[Opening Data to process section]
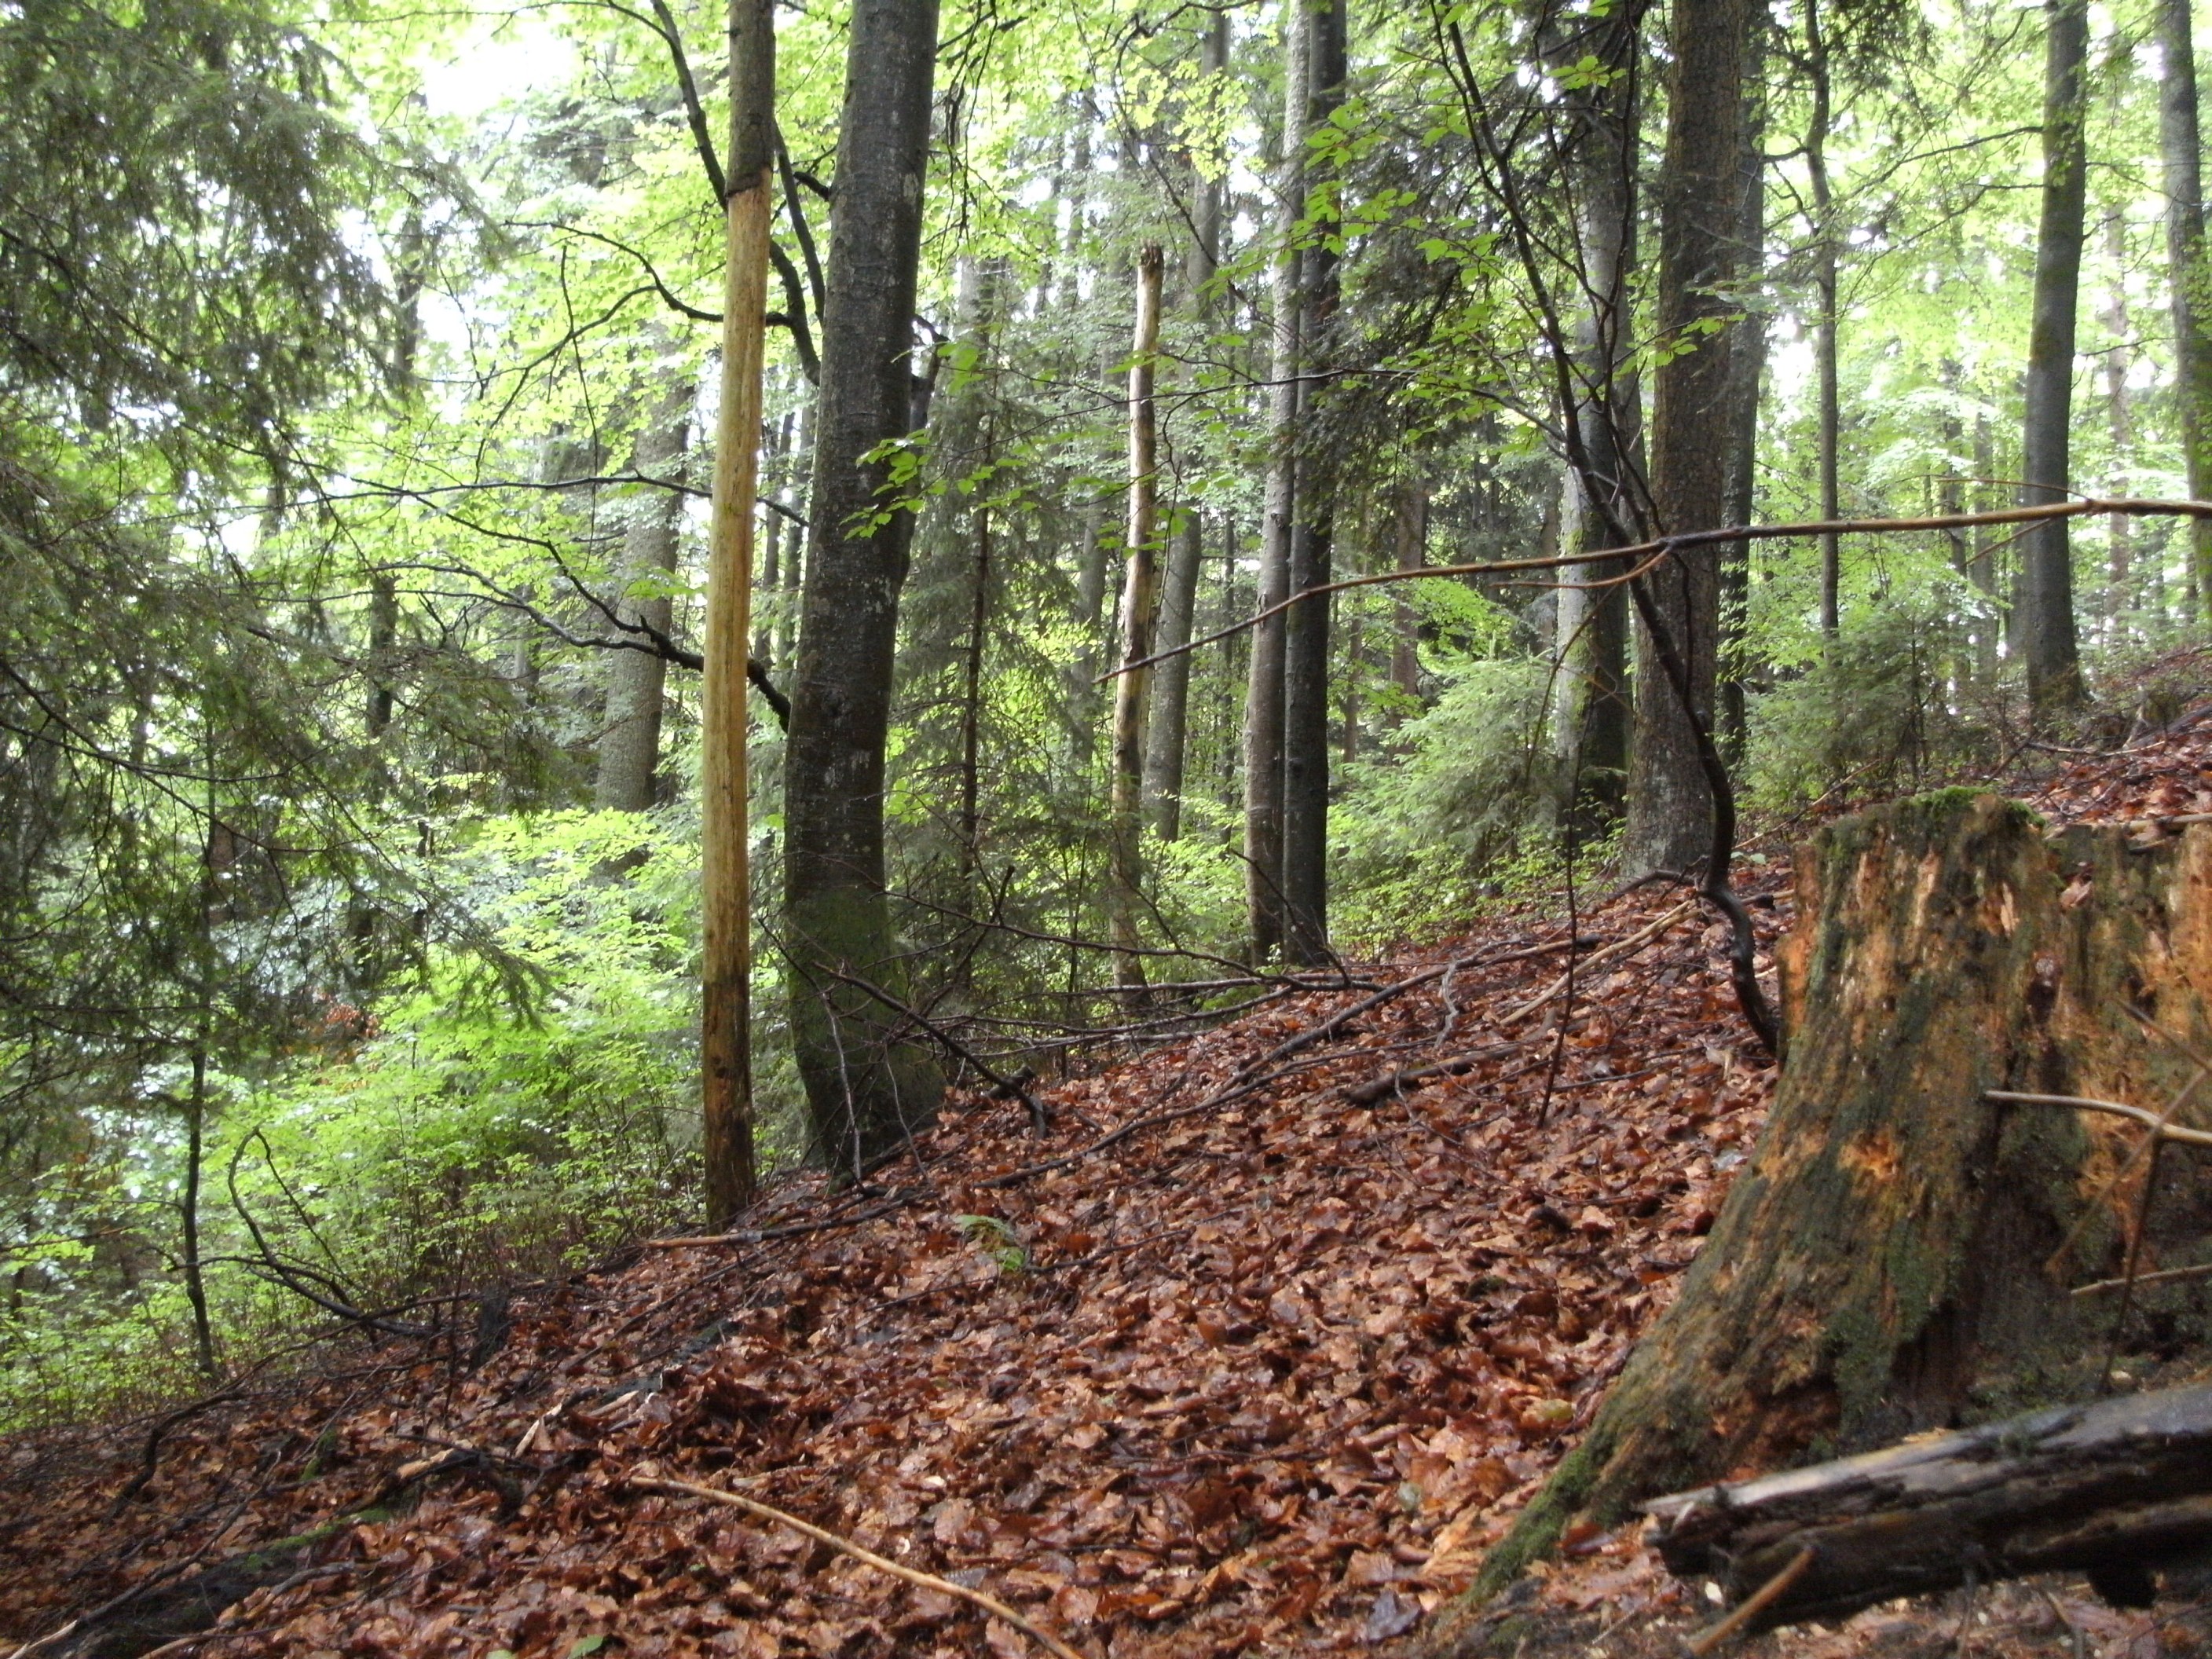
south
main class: Woodland
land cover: Spruce dominated mixed woodland
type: beech forest
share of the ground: > 75 %
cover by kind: coniferous forest trees 50 %, broadleaved forest trees 50 %
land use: Forestry
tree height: > 5 m
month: June
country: AT
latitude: 48.5882
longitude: 13.8638
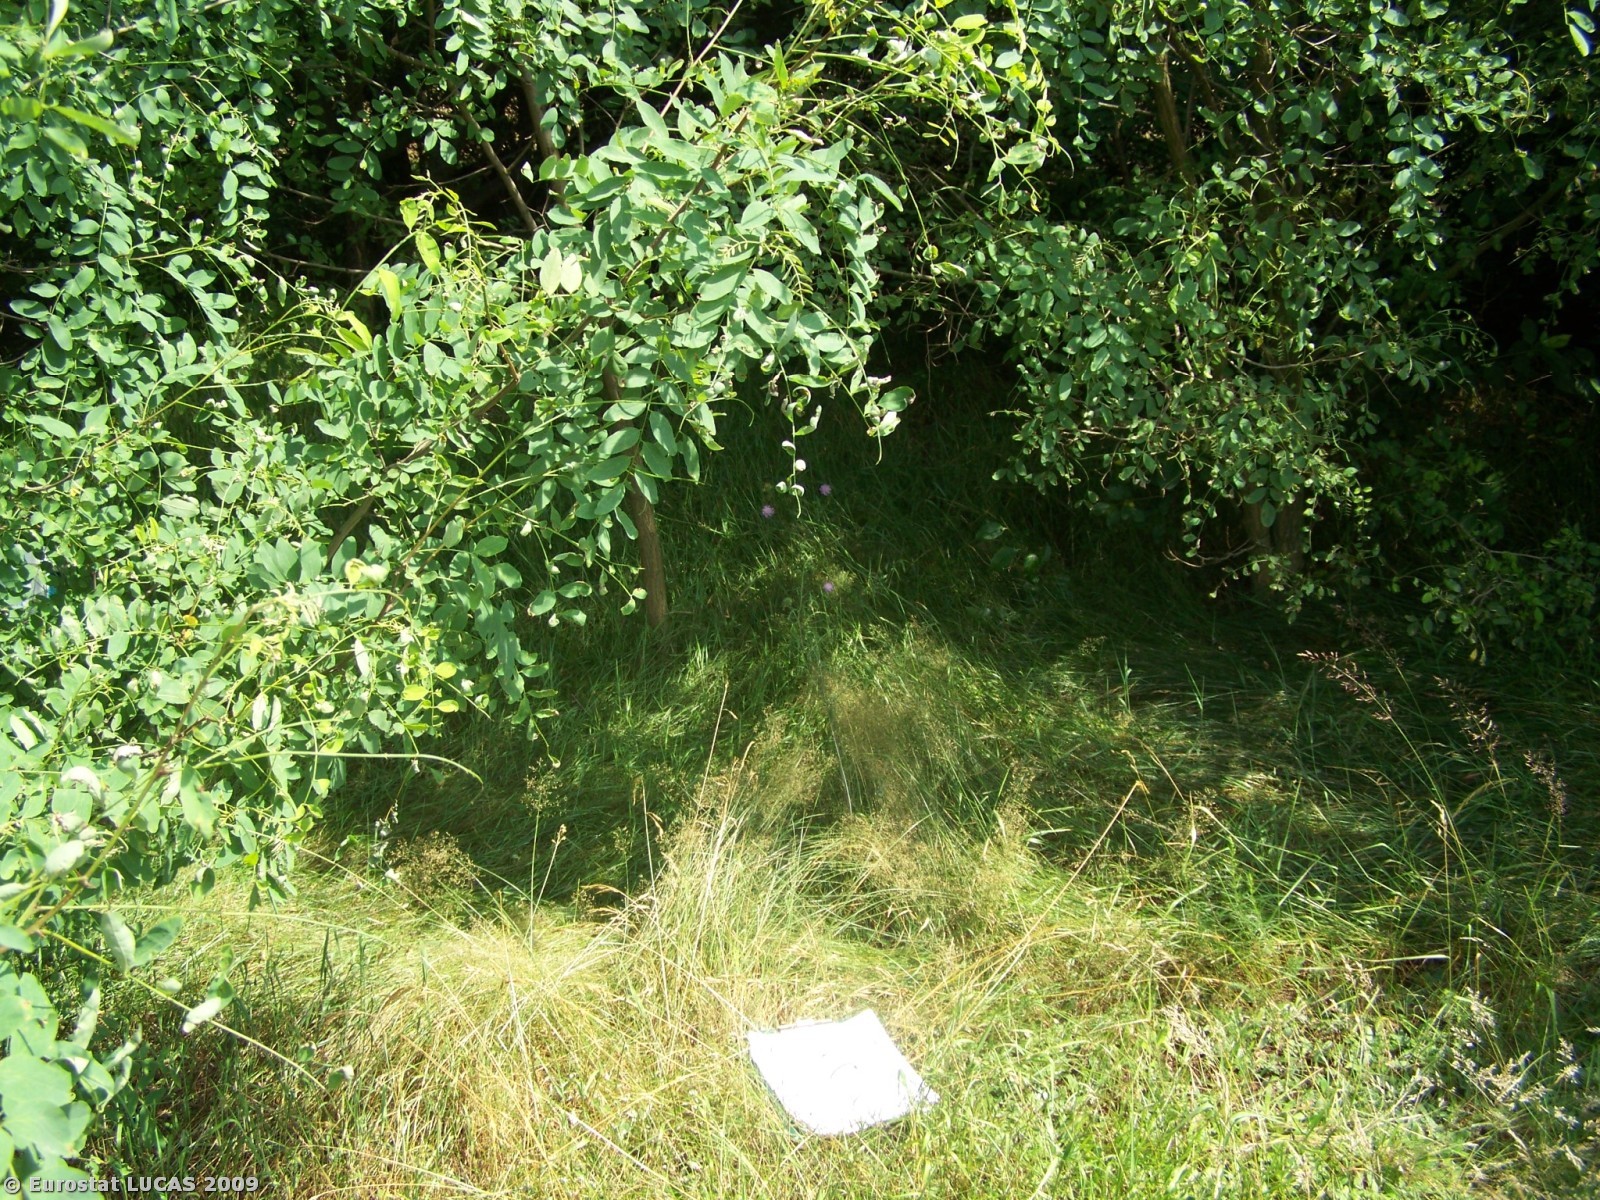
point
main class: Grassland
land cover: Grassland with sparse tree/shrub cover
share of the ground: > 75 %
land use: Unused
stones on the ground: < 10 %
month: July
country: PL
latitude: 52.0419
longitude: 22.1471
[Closing Data to process section]
The problem:
Word-for-word transcription: the whole listing, with images excluded.

Finished task:
south
main class: Woodland
land cover: Spruce dominated mixed woodland
type: beech forest
share of the ground: > 75 %
cover by kind: coniferous forest trees 50 %, broadleaved forest trees 50 %
land use: Forestry
tree height: > 5 m
month: June
country: AT
latitude: 48.5882
longitude: 13.8638
point
main class: Grassland
land cover: Grassland with sparse tree/shrub cover
share of the ground: > 75 %
land use: Unused
stones on the ground: < 10 %
month: July
country: PL
latitude: 52.0419
longitude: 22.1471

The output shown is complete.